First of all, the topic is well understood, that is, to find the shortest route from the starting point to the ending point without hitting the wall
First of all, we can know that the straight line between two points is the shortest,
So the best route is either a straight line (there is no wall between the starting point and the ending point)
Or it is formed by splicing segments passing through the endpoints of some walls (why the endpoints? The added segments do not pass through the endpoints, for example, from the empty space between two walls
If white passes through, the segment can always slope up or down to the end of the wall, so the length is smaller)
It can be thought that the starting point of the line segment has been fixed (the starting point is not necessarily (0,5)), and the end point of the line segment is at a point on the line where the wall perpendicular to the x axis is located. Due to the symmetry, it can be seen that
The minimum value of the line segment is that the end point of the line segment is parallel to the starting point and parallel to the x-axis. If it cannot be parallel (blocked by the wall), the closer it is to this parallel axis, the shorter the length of the line segment,
This shortest extreme case can only be obtained at the end of the wall.

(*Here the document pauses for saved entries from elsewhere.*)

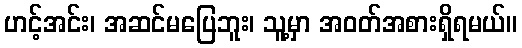
ဟင့်အင်း၊ အဆင်မပြေဘူး၊ သူ့မှာ အဝတ်အစားရှိရမယ်။
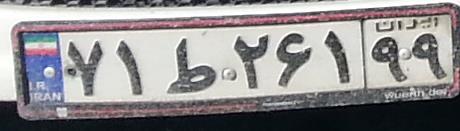
۷۱ط۲۶۱۹۹
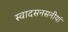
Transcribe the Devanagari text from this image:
स्वादसनसनीयां
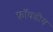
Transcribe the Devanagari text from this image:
फ्रॉयडीय
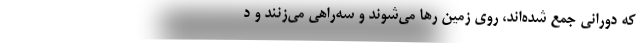
که دورانی جمع شده‌اند، روی زمین رها می‌شوند و سه‌راهی می‌زنند و د
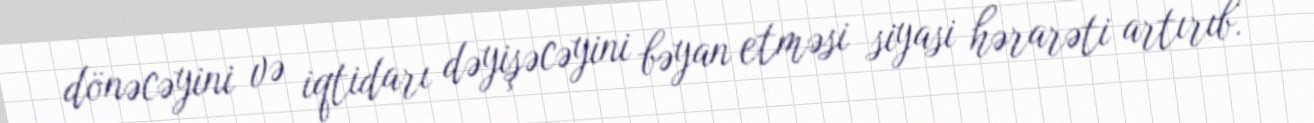
dönəcəyini və iqtidarı dəyişəcəyini bəyan etməsi siyasi hərarəti artırıb.
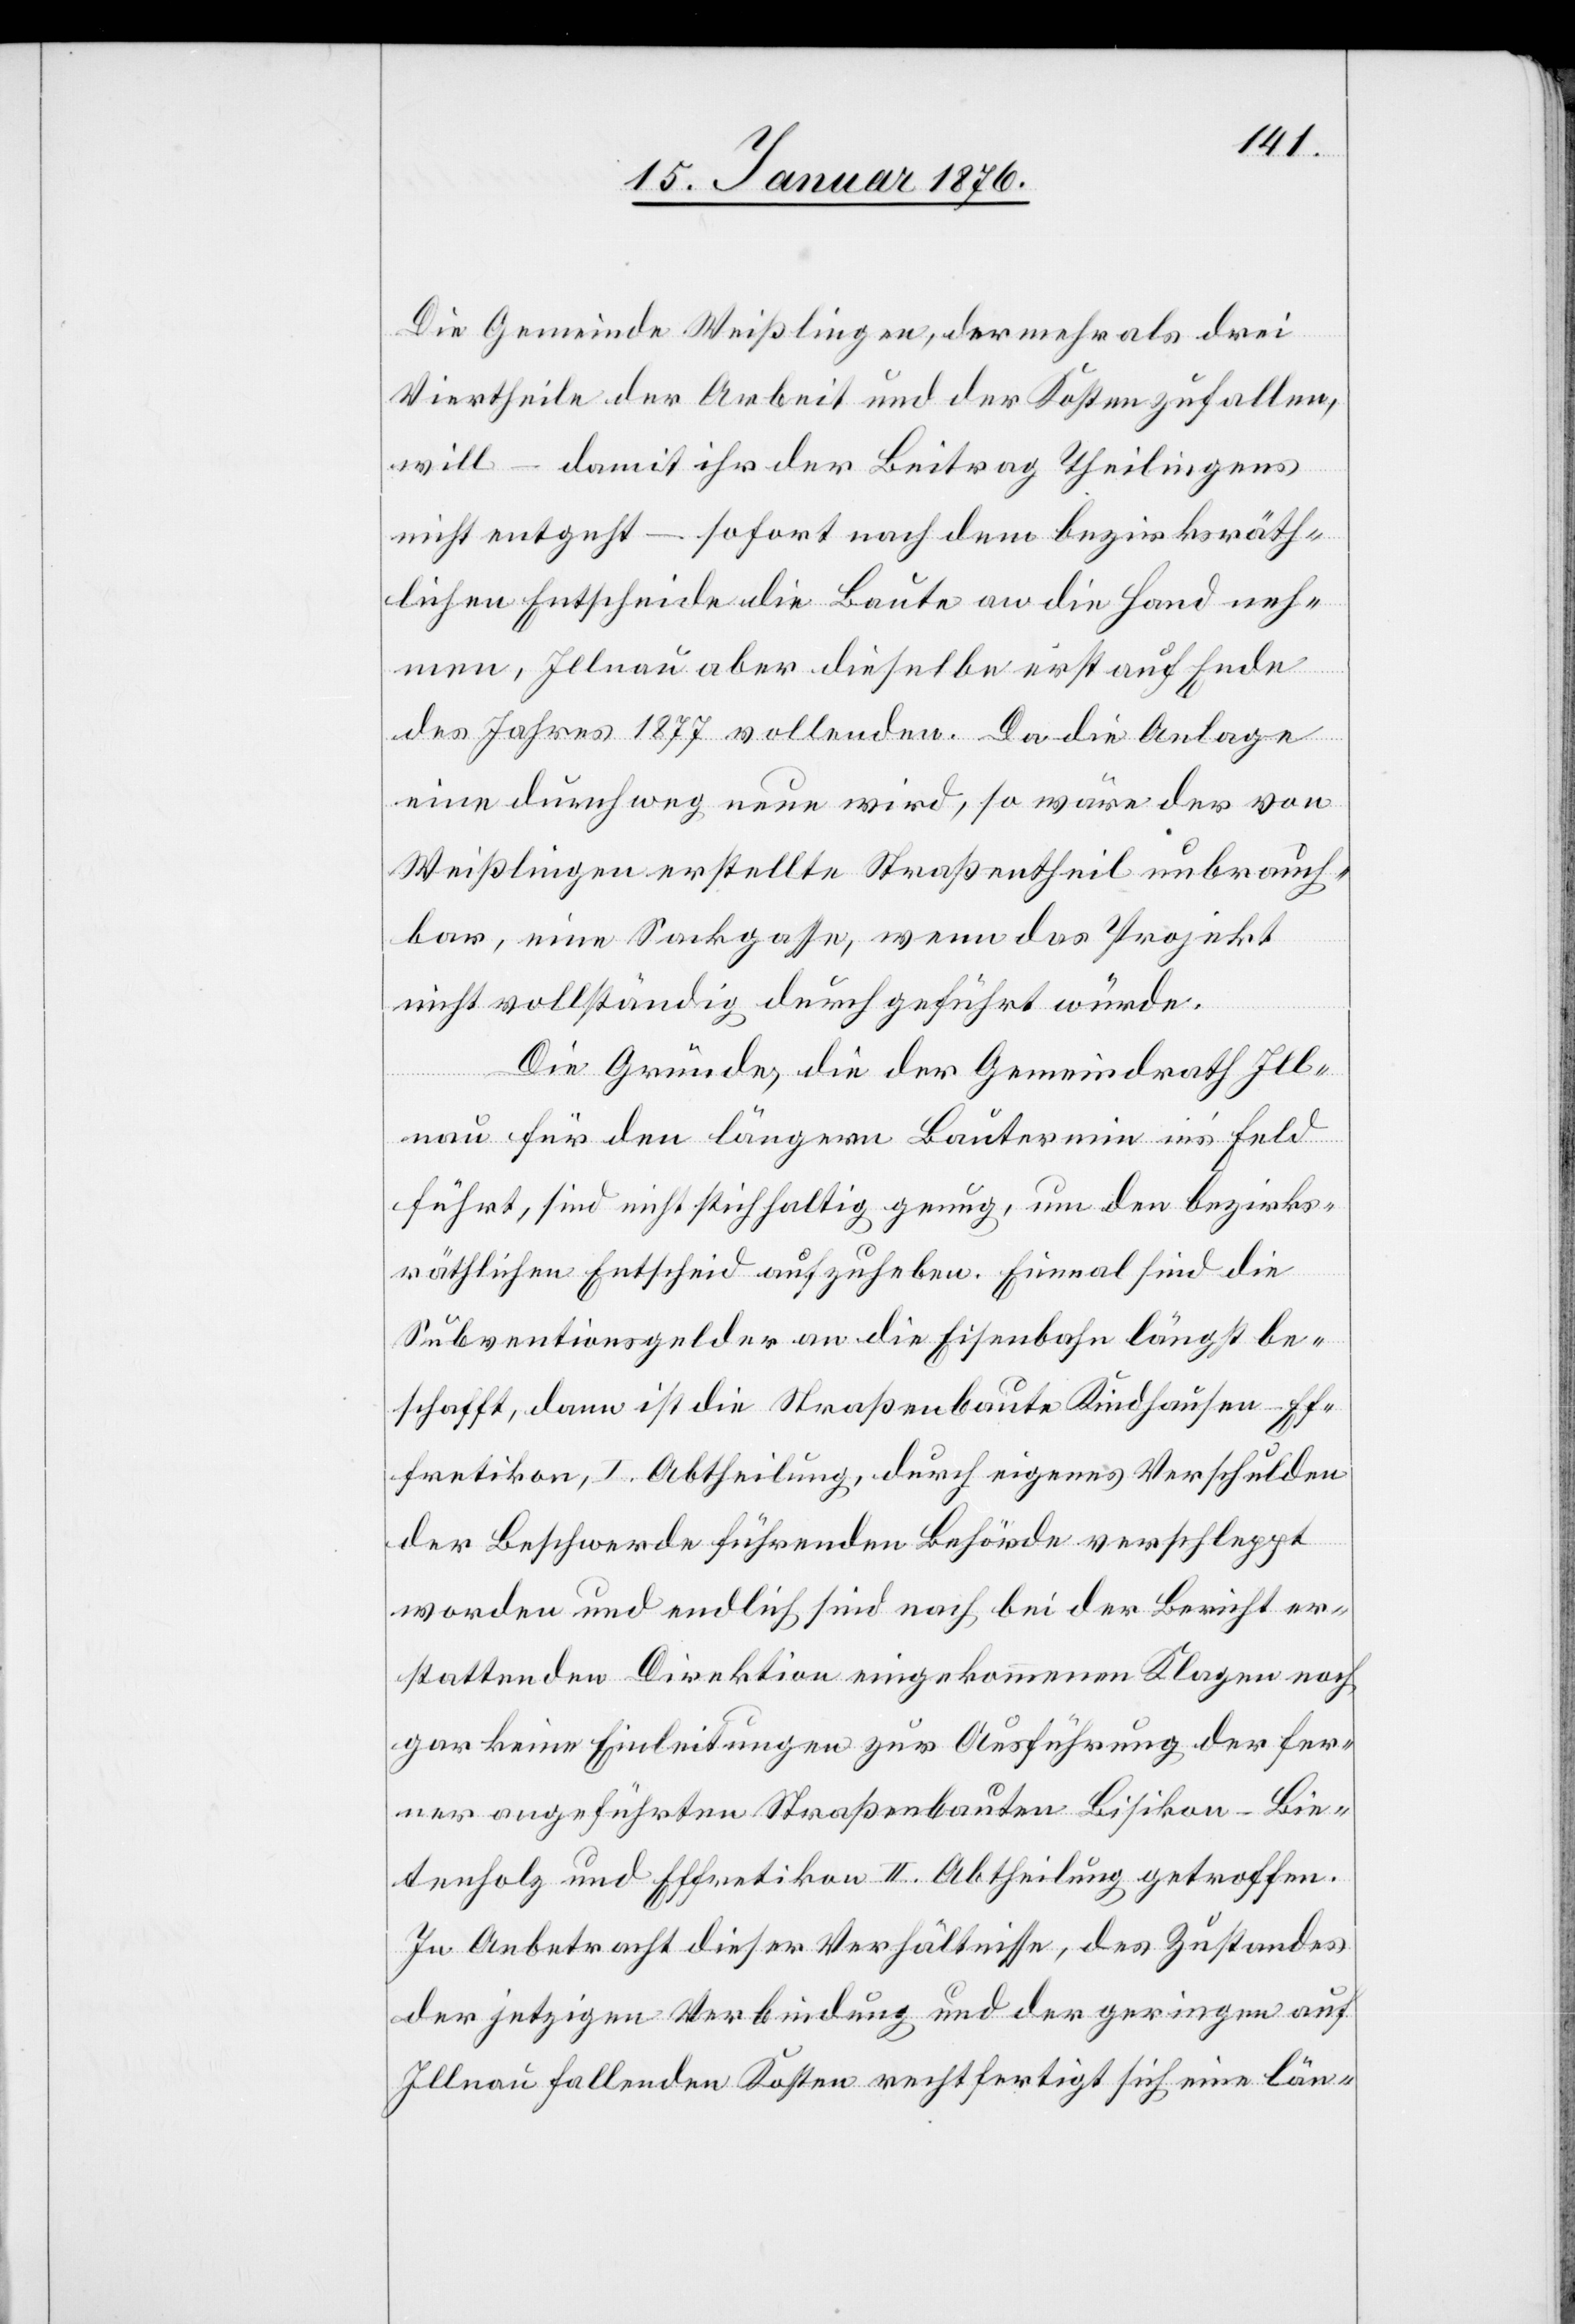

At the beginning, my idea is dp, layered by walls. It can be seen that there are n layers from the starting point to the end point, and each layer has 3 walls. Then the shortest route through an end point of the current layer
1 or the length of the line segment from this end point of the wall on the current floor to the starting point (if any)
2 or it is the line segment from this end point to an end point on the previous wall, plus the distance from the starting point to this line segment (that is, the length of multiple line segments is added)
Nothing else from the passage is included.